Why is Governance important for the success of MaaS?
The definition of Governance is: “All of the processes of governing — whether undertaken by the government of a state, by a market, or by a network — over a social system (family, tribe, formal or informal organization, a territory or across territories) and whether through the laws, norms, power or language of an organized society.” Governance can take the forms of public, private, corporate, project, among many other dimensions. It is also interesting to note that these processes, which typically relate to more traditional societal functionals can also apply to complex digital systems that employ the connectivity and integration of data, technology, processes, policies, and regulations, such as MaaS.

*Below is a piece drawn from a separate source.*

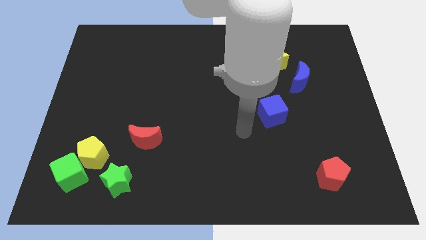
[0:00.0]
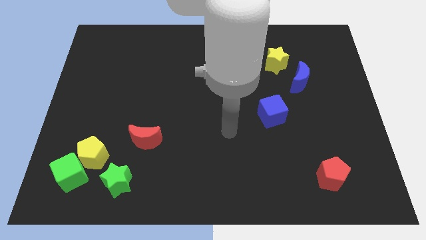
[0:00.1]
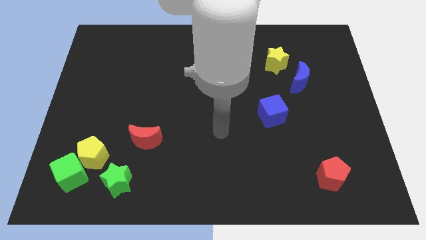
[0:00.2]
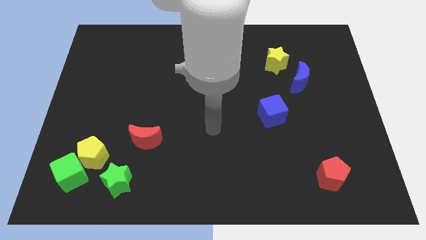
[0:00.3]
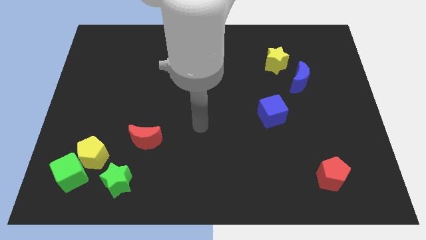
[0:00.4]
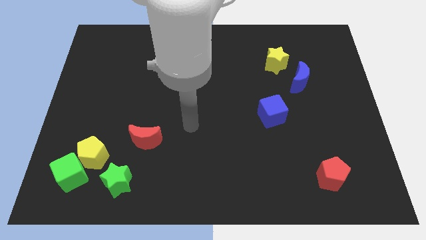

So this brings us to the question, why is Governance important for the potential success of MaaS? To better answer that, we need to consider that most previous deployments over the past few years have been focused on single use cases, minimal private mobility supply, and lighter technology development (discovery only, deep linking to external platforms, and / or basic journey planning capabilities). In each of these instances, the technology, functionality, and procurement was relegated to demonstration projects on a more pilot focused level. Therefore, with this in mind, the consideration of a broader societal focus for the long term success of MaaS was constrained.
In looking at how governance structures and how they can enrich and benefit MaaS deployments, we need to consider that MaaS is not simply technology in and of itself. It is an entire ecosystem of layers (data, technology, stakeholders, operators, etc) that interplay with each other to create added business and societal value for urban, suburban, and rural contexts for offering shared mobility across the spectrum.
Specifically, governance is the glue that can enable these higher aspirations of MaaS depending on the individual actors, sponsors, agencies, and organizations involved. Seen through the lens of governance (typically at a regional level), more desired outcomes on a long term scale can be analyzed, assessed, and operationalize with regards to ensuring MaaS is here to stay.
A case study of governance in MaaS
For example, the MaaS in Skåne project currently under development by Iomob will deliver a regional, open multimodal shared mobility platform for municipalities including Malmo, Lund and Helsingborg, and to be launched in April. Iomob’s project aims to develop a scaleable MaaS solution, accomplished by increased accessibility, reduced environmental impact and congestion, through seamlessly connecting buses, trains, taxi, bicycles, scooters, car-sharing and so on, in one platform.
Iomob’s MaaS technology will be integrated via an SDK into the Skanetrafiken’s public transit app allowing Skane to manage their own MaaS platform with our next generation MaaS tech. But not just that, Skanetrafiken has embraced not only an open mobility marketplace (supporting a full range of public and private mobility services) but also an open MaaS marketplace. Iomob’s stack that will include all of Skanetrafiken’s transit fare options, plus our multimodal algorithms, integrated mobility marketplace and either an API, SDK or white label app, will be made available to other private sector MaaS operators and other organizations interested in offering seamless mobility to their customers or employees.
A regional governance and steering committee of political and business stakeholders including representatives from Skanetrafiken, Innovation Skane, Swedish Energy Agency, and Municipalities of Malmo, Lund, and Helsingborg (Skane Region) has been formed to evalute the rules and frameworks around multiple topics. These topics include: data, technology, MSPs, societal / environmental goals, equity / access, and procurement. Why this regional governance model is important is because it is rules-based (similar to the European Union), and serves as a multi-stakeholder policy and decision-making body that sets the terms of governance and structure in place to pilot, test. deploy, and ultimately commercialize such a MaaS platform across the region (and linkages to multiple adjacent regions).
MoD and the need for societal openness
In viewing MaaS (or ultimately MoD — Mobility on Demand and the accomodation of the movement of people and goods) through the lens of regional governance, it can seen that these rules-based structures can enable platforms that truly embrace openness for consumers and society at large. A regional governance model and framework also facilitates the opportunity to build open mobility marketplaces that are 1.) more competitive, 2.) prevent public and private monopolies, and 3.) move away from single instance white label walled garden deployments.
The promise for MaaS and MoD is around societal openness, and regional governance models (typically comprised of a balanced mix of public and private representatives) provide the structure such that services and solutions can be flexibly deployed and distributed across mobility marketplaces for public and private actors to offer more enriched consumer-facing experiences and democratizing the shared mobility landscape in urban, suburban, and rural settings.